Art: History of Commerce

3 minute read
TIME

Last week friends of the artist were permitted to see in Manhattan nine of a series of ten new murals by Boardman Robinson for department-store tycoon Edgar Kaufmann of Pittsburgh.

Three years ago, Edgar Kaufmann, on culture bent, decided to remodel his store. He scoured the U. S. for a good draughtsman, found Boardman Robinson, painter-cartoonist, asked him for a set of murals expressing the history of commerce. Some years before, Artist Robinson had concluded that the only excuse for painting was to subserve architecture and had applied himself to that problem. Delightedly he accepted the commission, but reserved the right to be his own master at all times, to make his own designs, be left alone. Mr. Kaufmann agreed.

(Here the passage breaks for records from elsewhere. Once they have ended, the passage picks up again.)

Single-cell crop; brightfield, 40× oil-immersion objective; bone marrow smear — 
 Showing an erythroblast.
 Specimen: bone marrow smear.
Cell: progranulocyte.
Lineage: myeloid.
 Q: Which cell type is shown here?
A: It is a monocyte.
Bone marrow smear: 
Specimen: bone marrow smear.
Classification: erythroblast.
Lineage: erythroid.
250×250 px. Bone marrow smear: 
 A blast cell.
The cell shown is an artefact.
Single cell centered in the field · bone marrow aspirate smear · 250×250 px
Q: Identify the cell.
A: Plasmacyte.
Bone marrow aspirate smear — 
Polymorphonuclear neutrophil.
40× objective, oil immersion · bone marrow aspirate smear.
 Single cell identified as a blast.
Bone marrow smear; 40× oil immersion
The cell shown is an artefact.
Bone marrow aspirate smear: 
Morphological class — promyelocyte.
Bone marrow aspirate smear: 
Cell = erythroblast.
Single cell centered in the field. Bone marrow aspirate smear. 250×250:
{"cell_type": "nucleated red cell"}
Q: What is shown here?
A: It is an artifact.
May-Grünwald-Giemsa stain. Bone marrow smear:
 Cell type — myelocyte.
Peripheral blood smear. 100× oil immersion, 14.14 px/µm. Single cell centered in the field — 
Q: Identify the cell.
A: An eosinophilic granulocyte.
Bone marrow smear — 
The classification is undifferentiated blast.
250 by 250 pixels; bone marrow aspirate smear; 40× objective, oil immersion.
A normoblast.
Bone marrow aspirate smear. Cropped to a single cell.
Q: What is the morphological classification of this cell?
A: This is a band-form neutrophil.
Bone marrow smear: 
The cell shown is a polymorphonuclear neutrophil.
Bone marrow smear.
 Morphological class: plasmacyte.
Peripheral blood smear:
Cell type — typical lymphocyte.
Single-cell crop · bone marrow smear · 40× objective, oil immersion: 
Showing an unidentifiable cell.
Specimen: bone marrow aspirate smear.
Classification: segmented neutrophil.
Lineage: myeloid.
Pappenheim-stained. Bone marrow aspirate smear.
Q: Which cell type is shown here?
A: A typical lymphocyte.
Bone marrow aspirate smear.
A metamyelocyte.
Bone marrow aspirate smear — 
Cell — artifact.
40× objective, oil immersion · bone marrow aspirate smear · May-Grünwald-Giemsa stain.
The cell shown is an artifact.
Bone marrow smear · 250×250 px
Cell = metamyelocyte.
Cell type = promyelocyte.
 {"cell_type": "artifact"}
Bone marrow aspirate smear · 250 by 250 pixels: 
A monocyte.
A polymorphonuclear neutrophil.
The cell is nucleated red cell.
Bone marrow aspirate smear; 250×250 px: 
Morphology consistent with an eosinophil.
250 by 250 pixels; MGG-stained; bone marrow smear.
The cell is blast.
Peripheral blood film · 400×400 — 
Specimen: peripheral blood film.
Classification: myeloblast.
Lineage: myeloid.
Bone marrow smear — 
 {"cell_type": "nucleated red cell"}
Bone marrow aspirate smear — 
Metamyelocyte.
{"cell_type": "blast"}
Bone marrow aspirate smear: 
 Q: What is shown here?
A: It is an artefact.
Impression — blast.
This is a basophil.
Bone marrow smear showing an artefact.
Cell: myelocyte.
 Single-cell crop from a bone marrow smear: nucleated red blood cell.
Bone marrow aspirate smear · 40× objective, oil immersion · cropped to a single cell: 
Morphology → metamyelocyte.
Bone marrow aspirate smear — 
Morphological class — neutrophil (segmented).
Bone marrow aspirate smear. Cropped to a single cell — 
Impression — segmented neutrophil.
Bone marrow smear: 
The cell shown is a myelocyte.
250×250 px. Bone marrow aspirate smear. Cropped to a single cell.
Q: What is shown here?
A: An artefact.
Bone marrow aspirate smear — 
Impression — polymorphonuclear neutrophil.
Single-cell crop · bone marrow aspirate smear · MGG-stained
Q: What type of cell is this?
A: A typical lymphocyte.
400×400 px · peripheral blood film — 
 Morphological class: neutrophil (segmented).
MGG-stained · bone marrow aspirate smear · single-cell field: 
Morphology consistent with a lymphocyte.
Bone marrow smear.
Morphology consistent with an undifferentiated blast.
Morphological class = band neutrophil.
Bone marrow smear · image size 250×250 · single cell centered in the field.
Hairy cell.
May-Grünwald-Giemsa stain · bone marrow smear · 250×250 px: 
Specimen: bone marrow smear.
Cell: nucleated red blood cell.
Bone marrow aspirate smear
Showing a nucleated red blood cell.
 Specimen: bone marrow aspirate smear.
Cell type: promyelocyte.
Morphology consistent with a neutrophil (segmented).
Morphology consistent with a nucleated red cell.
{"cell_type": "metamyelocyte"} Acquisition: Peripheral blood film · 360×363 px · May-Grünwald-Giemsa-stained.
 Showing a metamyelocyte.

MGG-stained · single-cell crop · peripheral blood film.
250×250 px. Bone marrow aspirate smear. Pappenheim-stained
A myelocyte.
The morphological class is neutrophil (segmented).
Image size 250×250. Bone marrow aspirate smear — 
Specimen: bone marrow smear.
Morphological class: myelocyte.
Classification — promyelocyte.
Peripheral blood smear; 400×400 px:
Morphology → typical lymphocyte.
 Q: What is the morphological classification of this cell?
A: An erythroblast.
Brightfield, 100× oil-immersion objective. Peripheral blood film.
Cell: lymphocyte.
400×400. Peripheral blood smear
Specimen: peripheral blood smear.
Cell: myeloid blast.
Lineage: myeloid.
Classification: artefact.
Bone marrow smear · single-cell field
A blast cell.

Artist Robinson first concerned himself with medium—what to paint with, what on. He decided on canvas because he could then work anywhere and the murals, when finished, could be easily moved about. He then asked himself what paint had had the benefit of most research and chemical improvement. Obviously, automobile-paint. He hired a workshop, made sketches in pen, pencil, paint. Models of every race and color trooped in and out. The better to understand three-dimensional space he first modelled his groups so that he could look down upon their heads and look behind them to find what masses would organize best, what planes intersect. Then he loaded his big brush with auto-paint and started to work.

Painter Robinson’s murals are each about 15 ft. x 8 ft. Beginning with an animated commercial squabble between the Persians and the Arabs, they progress to Carthaginians in the Mediterranean striking a crafty bargain with the Egyptians. Venetians in the Levant when bartering was done with benefit of clergy so that polite thieving was sanctified. Subsequently they show the Portuguese in India, the Dutch in the Baltic, the English in China, slave traders and clipper ships in the 19th Century U. S.* The last is a generalized scene of modern industry— liners in a harbor, airplanes in the air, tall buildings rearing in the background, a sweating structural steel crew. Each unit is related to the whole by composition and color. There are no pretty girls, no idealization, no gold leaf.

Painter Robinson was born in Nova Scotia in 1876, son of a sea-captain and a farmer’s daughter. He has studied in Paris, practiced in the U. S. for 30 years (newspaper cartoons, stained glass windows, smartchart layouts for Vogue, oils of every description). Large and athletic, with a greying red beard, a monkish bald spot, he likes modern French painting less than modern Mexican painting. When Mexican Diego Rivera’s paintings (TIME, May 6) were first hung, seven people were shot. Says Robinson: “I’d be glad if someone stepped on a policeman’s toe when I show mine.”

*The ninth, a companion mural, is incomplete.